Product Management Lessons from Mickey Drexler
My favorite T-Shirt in the 90’s was a Gap T-Shirt with world flags on it. Because of this, I became aware of Mickey Drexler and what he was able to do with the Gap brand. I’ve continued to follow him through leaving the Gap and then joining J. Crew. Mickey was recently a guest on David Chang’s Podcast, The David Chang Show, where he shared some of his experiences turning around and building brands, the future of retail, and his thoughts on different brand strategies. While these concepts obviously apply to retail, many apply to any type of product management.
Portfolio Optimization
Mickey started as a buyer at Bloomingdales when he was 23 and worked his way towards eventually becoming the CEO of Ann Taylor at 35 and then the CEO of The Gap at 39. When discussing his Ann Taylor experience, he discusses some of the first meetings he had with the team. He references a meeting where he recommended discontinuing an item and received some pushback:
“But we sell 50 of those per week?” to which he replied, “Go find something we can sell 100 per week”.
I’ve experienced this several times in my career. I’ve taken over an existing set of products and my first management step is to review the portfolio. This includes investigating product performance, margin, total sales, customer base, etc. In every case there is a small subset of products that make up most of the sales, with the remainder of the portfolio doing very low volumes, only having one or two customers, or selling none at all. When making the decision to discontinue some of these low performing products, I always have a conversation like what Mickey experienced. The sales or ops team has had a reason for why we should keep a slow-moving product in the portfolio:
· Our #1 customer must have that product
· But that’s the only product Customer B uses
· They may not use those regularly, but when they do, we’re the only one that can provide it
In most cases customers can be moved to a higher performing product or the profit generated by these low performing products isn’t enough to justify keeping it. There are several reasons this may be the case:
Most manufacturing companies are going to use a standard cost in their system for a product. During the process of setting up manufacturing the company will make assumptions on materials, quantities, and processes needed to produce a part. Based on these assumptions they’ll enter a cost for the product into their system. From then, until the next "cost roll", the cost in the system or the cost shown to operations will be set. When a product becomes slow moving, it usually costs the company more to produce than what the standard cost will indicate. To name a few: manufacturing quantities will be lower (increasing the per unit set up charge), shipping per part will be higher, and the opportunity cost for switching for a low volume part will be higher. This is one of the reasons sales/operations will push back on discontinuing a product, it still looks profitable to them even though the actual cost is much higher. Also, if you produce a slow-moving part and then lose a sale, the inventory is more likely to sit for longer incurring further charges.
Overall, optimizing your portfolio to just the highest moving parts increases the efficiency of manufacturing, shipping, inventory, and operations. A smaller portfolio is also easier for the sales team to focus on selling.
Understanding these dynamics is incredibly important when taking over an existing portfolio.

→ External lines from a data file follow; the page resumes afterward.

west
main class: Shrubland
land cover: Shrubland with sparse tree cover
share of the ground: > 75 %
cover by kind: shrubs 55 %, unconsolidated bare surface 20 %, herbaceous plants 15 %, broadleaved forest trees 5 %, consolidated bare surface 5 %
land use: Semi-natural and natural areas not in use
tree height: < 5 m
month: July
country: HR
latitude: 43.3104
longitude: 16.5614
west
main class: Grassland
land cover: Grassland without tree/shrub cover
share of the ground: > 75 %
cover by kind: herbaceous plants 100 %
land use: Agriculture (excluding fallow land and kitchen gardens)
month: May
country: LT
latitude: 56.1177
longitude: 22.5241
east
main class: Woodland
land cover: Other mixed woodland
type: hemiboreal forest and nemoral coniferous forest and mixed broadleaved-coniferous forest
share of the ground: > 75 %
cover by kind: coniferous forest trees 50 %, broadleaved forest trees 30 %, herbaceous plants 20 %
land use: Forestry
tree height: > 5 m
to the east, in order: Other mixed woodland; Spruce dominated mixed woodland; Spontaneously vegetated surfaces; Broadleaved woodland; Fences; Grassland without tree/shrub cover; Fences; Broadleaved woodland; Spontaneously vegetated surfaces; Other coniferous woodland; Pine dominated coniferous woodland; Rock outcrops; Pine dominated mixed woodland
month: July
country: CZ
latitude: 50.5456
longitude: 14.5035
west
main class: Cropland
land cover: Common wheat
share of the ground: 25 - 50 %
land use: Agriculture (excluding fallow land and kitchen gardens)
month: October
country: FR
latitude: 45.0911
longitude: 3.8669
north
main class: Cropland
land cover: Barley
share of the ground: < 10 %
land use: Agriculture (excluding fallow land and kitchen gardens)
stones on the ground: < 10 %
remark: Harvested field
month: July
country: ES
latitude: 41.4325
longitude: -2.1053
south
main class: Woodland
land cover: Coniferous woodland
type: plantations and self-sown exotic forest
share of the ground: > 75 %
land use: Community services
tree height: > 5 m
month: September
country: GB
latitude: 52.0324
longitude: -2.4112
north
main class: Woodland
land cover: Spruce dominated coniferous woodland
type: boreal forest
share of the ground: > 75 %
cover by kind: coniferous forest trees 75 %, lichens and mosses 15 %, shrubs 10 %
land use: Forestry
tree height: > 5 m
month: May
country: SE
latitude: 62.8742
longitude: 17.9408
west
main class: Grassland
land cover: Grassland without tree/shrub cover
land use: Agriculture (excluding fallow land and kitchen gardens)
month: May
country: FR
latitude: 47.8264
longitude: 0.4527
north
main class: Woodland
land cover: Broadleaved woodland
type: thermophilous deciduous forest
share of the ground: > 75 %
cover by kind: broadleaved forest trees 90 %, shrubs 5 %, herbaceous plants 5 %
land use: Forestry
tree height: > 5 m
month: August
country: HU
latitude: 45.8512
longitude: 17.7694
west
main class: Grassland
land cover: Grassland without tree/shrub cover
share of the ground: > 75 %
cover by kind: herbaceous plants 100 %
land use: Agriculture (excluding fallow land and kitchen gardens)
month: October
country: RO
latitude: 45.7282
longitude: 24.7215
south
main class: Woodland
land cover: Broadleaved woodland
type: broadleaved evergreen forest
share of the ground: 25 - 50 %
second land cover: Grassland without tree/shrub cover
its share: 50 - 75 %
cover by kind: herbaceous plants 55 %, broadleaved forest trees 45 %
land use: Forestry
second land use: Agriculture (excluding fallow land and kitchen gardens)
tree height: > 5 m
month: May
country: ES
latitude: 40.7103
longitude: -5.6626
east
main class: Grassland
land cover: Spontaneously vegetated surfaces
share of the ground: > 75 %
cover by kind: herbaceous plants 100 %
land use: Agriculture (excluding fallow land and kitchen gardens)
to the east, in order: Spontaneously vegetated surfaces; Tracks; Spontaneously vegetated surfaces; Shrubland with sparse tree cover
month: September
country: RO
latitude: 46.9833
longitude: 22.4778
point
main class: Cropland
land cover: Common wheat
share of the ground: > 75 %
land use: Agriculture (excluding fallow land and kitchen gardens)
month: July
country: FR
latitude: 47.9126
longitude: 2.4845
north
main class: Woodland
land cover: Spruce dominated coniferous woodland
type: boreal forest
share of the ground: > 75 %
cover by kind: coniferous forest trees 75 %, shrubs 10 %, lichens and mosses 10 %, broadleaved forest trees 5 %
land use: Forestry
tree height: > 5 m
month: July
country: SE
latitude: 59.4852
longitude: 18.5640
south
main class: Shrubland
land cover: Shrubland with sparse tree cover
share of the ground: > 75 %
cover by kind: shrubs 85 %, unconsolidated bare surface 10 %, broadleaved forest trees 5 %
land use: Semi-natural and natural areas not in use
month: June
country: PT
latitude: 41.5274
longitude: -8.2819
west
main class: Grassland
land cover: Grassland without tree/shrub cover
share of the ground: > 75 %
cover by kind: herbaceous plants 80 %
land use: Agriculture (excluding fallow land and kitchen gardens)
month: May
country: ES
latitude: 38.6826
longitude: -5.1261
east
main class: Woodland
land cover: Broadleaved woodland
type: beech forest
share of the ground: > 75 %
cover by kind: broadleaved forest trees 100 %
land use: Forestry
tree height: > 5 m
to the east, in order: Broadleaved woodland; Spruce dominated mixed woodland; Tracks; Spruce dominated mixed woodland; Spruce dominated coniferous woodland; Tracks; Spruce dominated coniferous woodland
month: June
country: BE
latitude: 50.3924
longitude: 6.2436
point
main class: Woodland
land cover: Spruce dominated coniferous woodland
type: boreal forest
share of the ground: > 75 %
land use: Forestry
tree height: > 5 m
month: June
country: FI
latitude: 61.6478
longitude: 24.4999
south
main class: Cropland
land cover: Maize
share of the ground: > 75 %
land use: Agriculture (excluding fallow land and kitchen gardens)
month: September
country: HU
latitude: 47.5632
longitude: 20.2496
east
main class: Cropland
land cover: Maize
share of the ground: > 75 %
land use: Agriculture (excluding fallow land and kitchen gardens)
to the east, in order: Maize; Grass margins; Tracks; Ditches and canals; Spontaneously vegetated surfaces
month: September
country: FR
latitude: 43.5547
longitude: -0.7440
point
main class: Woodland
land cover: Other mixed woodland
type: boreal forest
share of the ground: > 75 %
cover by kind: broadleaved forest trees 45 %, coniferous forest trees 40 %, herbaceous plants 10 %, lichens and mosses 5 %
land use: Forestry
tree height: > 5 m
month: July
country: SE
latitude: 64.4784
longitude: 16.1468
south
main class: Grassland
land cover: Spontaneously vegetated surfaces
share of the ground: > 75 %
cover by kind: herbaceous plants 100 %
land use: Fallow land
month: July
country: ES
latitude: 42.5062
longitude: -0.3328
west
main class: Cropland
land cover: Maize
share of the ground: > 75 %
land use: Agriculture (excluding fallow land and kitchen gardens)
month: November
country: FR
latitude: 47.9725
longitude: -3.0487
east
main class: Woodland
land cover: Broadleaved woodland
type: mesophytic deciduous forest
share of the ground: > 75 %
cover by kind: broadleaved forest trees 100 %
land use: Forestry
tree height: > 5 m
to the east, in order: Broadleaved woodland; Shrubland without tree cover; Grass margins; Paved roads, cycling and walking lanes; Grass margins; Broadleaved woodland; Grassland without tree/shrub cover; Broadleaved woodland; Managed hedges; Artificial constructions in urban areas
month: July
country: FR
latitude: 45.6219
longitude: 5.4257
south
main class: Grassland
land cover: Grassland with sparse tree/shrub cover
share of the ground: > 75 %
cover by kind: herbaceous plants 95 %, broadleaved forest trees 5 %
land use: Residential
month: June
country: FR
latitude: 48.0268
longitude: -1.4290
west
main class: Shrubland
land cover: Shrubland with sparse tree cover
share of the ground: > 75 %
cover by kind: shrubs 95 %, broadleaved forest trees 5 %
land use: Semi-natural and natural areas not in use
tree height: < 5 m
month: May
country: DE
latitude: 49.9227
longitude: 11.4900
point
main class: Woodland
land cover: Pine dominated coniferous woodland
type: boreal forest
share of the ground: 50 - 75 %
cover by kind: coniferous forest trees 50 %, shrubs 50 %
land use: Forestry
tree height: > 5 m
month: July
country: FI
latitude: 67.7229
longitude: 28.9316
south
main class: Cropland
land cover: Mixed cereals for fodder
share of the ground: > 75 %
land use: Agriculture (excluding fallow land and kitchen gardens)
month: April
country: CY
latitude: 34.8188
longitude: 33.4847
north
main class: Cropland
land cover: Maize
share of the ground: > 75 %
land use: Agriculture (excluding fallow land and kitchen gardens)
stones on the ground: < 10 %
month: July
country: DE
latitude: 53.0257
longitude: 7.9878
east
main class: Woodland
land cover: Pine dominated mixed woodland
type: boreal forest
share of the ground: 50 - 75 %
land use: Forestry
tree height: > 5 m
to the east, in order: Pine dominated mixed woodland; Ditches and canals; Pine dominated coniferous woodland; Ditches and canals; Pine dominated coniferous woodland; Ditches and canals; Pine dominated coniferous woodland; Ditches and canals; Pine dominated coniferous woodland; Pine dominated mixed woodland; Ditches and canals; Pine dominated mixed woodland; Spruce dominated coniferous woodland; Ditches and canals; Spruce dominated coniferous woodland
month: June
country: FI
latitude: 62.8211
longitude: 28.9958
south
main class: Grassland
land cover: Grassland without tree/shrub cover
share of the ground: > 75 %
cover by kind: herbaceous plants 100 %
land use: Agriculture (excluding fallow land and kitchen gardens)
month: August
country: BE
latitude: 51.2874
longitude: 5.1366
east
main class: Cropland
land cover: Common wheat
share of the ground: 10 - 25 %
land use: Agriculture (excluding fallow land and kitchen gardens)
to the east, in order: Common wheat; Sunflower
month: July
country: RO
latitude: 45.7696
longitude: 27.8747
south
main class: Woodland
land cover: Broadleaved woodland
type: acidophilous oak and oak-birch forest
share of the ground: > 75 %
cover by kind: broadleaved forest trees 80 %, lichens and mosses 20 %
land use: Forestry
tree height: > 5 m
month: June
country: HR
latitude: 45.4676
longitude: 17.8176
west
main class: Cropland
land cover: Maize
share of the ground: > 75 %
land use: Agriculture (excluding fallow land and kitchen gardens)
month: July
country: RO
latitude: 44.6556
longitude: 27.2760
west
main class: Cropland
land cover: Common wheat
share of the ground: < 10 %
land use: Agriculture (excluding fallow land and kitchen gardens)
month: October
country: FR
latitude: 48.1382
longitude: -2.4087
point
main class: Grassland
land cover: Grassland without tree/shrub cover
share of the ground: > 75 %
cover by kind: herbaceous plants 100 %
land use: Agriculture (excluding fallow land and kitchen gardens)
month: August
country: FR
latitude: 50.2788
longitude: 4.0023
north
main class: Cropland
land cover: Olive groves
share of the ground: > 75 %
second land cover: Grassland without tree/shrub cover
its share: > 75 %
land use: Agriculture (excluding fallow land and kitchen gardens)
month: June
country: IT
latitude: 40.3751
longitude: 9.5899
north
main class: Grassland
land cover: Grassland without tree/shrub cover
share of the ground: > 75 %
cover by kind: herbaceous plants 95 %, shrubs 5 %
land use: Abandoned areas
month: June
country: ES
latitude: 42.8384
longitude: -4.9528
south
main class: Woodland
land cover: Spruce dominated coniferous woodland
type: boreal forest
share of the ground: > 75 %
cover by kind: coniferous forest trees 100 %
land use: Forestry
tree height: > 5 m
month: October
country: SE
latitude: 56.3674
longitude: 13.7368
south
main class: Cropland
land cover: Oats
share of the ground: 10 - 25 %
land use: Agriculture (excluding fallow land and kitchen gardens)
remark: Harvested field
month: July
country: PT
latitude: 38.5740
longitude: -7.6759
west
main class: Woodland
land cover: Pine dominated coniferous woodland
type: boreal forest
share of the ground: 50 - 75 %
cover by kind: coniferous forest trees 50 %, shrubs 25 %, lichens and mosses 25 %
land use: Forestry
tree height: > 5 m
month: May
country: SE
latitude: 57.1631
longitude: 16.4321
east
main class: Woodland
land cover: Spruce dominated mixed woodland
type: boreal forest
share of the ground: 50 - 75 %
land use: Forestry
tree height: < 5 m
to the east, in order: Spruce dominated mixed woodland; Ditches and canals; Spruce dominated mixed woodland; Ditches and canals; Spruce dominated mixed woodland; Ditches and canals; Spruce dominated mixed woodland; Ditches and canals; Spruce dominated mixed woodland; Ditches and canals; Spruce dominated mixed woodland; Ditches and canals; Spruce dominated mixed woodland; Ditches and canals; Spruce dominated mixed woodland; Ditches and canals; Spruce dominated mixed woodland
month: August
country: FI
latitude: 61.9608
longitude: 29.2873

Starting the product management process off with rationalization and optimization of the portfolio will go a long way for successful product strategy.
The Case for Product Management
When building a portfolio its helpful to understand the impacts of life cycle management and scope creep as you add new SKUs to the product mix. In order to capture as much market share as possible and serve their customers, the Sales & operations teams will request every product modification requested by their customers. Without a process, the engineering teams will work to meet the needs of the market. The result is an overworked engineering team and a portfolio that is bloated.
Having a product line manager places a buffer between the engineering team and the sales organization that will vet and qualify new product requests. This process will determine the need for the request against the current portfolio, the economic viability of the portfolio extension, and the return on the required investment. A good product line manager will ensure the largest return on development dollars and the most optimized portfolio of products for capturing the target market share.
Once, I took over a portfolio of products once that had bloated to 217 SKUs. My team and I worked to cull out the low performers so that we could present the simplest and understandable portfolio to our sales professionals and ultimately the customers. The result of our efforts was a portfolio of only ~50 products that had clear reasons for meeting the needs of our customers. With this smaller group of products, we streamlined manufacturing and were able to capture more market share through focused selling.
Caveat
There is one caveat to the strategy of optimizing the portfolio based on product performance and this is the general store model. If you’re a general store for your industry and your customers come to you for regular items as well as the one-offs, it could hurt your business to cull out the one-offs. If you’re not the only general store in town and a customer comes for their usual items as well as a one-off or two and they find that you do not have it in stock. They will go to the general store down the road to get their one-off products. If this happens enough, they’ll just start going to the general store down the road for all their products. I’ve experienced this in my past as well.
Of course clothing retail and in my experience Completion Technologies don’t fall into the general store model so these lessons apply.
Portfolio Management
With limited time, money, and resources it is imperative to build a portfolio of products that provide the highest return of investment. Rationalization, simplifying, and optimizing the group of products you provide makes it easier for sales professionals to communicate with their customers, supply chain to deliver at the best cost, and simplifies operations. It impacts every part of the business.